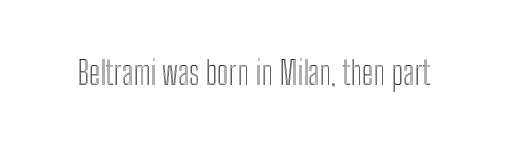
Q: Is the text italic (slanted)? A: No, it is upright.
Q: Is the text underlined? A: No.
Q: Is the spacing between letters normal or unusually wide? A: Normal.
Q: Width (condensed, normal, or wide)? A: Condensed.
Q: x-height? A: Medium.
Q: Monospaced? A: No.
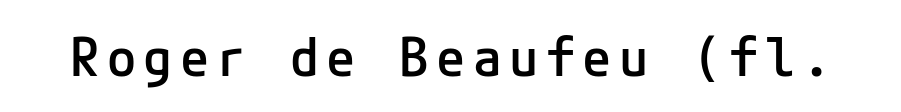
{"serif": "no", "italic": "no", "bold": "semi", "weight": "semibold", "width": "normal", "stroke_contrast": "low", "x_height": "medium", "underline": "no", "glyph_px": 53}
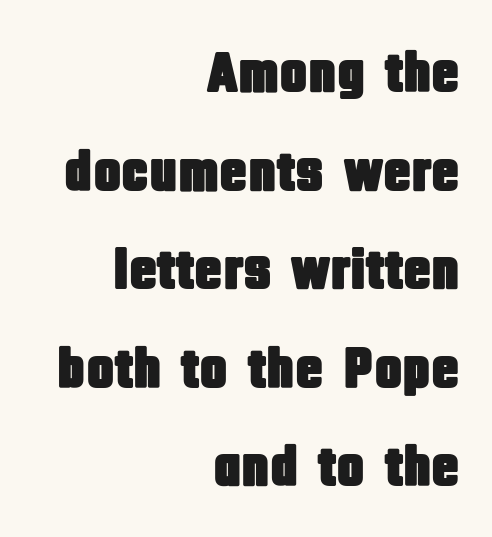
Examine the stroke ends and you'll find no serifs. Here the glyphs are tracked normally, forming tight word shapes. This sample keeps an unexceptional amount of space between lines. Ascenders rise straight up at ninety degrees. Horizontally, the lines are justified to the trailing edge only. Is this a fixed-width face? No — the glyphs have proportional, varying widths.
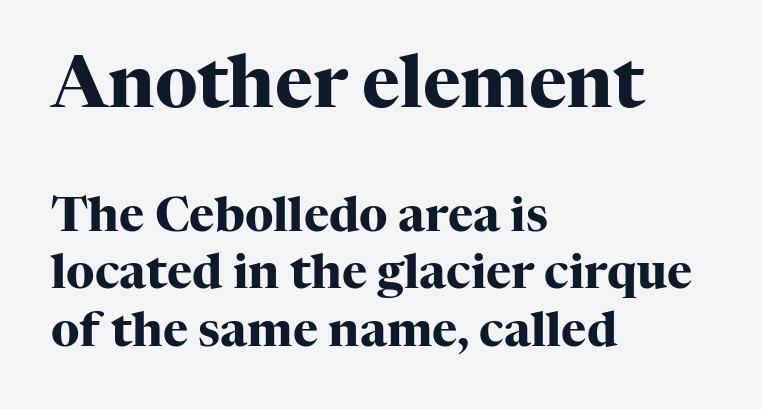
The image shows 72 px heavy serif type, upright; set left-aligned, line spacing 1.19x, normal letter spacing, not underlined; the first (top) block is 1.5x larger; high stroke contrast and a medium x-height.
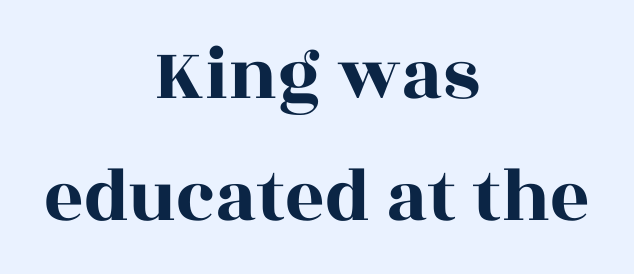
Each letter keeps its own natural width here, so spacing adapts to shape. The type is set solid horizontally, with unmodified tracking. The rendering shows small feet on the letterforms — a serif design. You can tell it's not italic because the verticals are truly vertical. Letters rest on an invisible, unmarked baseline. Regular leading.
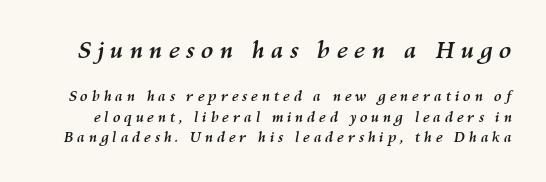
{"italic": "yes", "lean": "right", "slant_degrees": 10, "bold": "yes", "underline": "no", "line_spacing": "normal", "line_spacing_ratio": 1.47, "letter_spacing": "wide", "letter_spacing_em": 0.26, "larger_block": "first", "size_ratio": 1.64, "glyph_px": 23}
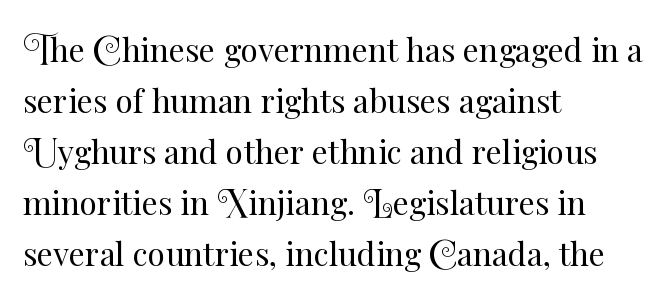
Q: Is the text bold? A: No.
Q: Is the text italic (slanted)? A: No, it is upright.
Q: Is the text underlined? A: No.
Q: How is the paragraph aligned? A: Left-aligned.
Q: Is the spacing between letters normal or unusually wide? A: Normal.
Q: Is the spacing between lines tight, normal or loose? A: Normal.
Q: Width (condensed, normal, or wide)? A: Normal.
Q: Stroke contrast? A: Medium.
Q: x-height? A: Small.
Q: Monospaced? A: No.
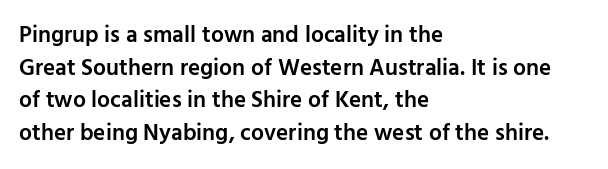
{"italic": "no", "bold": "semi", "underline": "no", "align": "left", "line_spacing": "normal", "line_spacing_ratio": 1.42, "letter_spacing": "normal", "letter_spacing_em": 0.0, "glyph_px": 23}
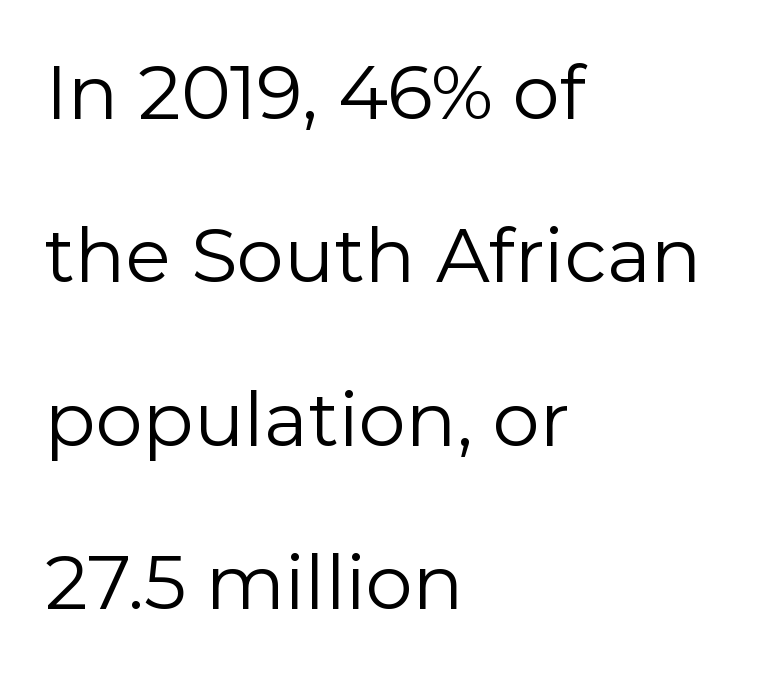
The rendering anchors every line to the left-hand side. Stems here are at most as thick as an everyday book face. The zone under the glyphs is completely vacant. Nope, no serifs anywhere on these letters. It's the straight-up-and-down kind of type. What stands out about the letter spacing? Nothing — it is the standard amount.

___

For this exercise, transcribe the entries verbatim and skip all pictures.

• Written solution:
Q: Is the text italic (slanted)? A: No, it is upright.
Q: Is the text underlined? A: No.
Q: Is the spacing between letters normal or unusually wide? A: Normal.
Q: Width (condensed, normal, or wide)? A: Condensed.
Q: x-height? A: Medium.
Q: Monospaced? A: No.
{"serif": "no", "italic": "no", "bold": "semi", "weight": "semibold", "width": "normal", "stroke_contrast": "low", "x_height": "medium", "underline": "no", "glyph_px": 53}
Examine the stroke ends and you'll find no serifs. Here the glyphs are tracked normally, forming tight word shapes. This sample keeps an unexceptional amount of space between lines. Ascenders rise straight up at ninety degrees. Horizontally, the lines are justified to the trailing edge only. Is this a fixed-width face? No — the glyphs have proportional, varying widths.
The image shows 72 px heavy serif type, upright; set left-aligned, line spacing 1.19x, normal letter spacing, not underlined; the first (top) block is 1.5x larger; high stroke contrast and a medium x-height.
Each letter keeps its own natural width here, so spacing adapts to shape. The type is set solid horizontally, with unmodified tracking. The rendering shows small feet on the letterforms — a serif design. You can tell it's not italic because the verticals are truly vertical. Letters rest on an invisible, unmarked baseline. Regular leading.
{"italic": "yes", "lean": "right", "slant_degrees": 10, "bold": "yes", "underline": "no", "line_spacing": "normal", "line_spacing_ratio": 1.47, "letter_spacing": "wide", "letter_spacing_em": 0.26, "larger_block": "first", "size_ratio": 1.64, "glyph_px": 23}
Q: Is the text bold? A: No.
Q: Is the text italic (slanted)? A: No, it is upright.
Q: Is the text underlined? A: No.
Q: How is the paragraph aligned? A: Left-aligned.
Q: Is the spacing between letters normal or unusually wide? A: Normal.
Q: Is the spacing between lines tight, normal or loose? A: Normal.
Q: Width (condensed, normal, or wide)? A: Normal.
Q: Stroke contrast? A: Medium.
Q: x-height? A: Small.
Q: Monospaced? A: No.
{"italic": "no", "bold": "semi", "underline": "no", "align": "left", "line_spacing": "normal", "line_spacing_ratio": 1.42, "letter_spacing": "normal", "letter_spacing_em": 0.0, "glyph_px": 23}
The rendering anchors every line to the left-hand side. Stems here are at most as thick as an everyday book face. The zone under the glyphs is completely vacant. Nope, no serifs anywhere on these letters. It's the straight-up-and-down kind of type. What stands out about the letter spacing? Nothing — it is the standard amount.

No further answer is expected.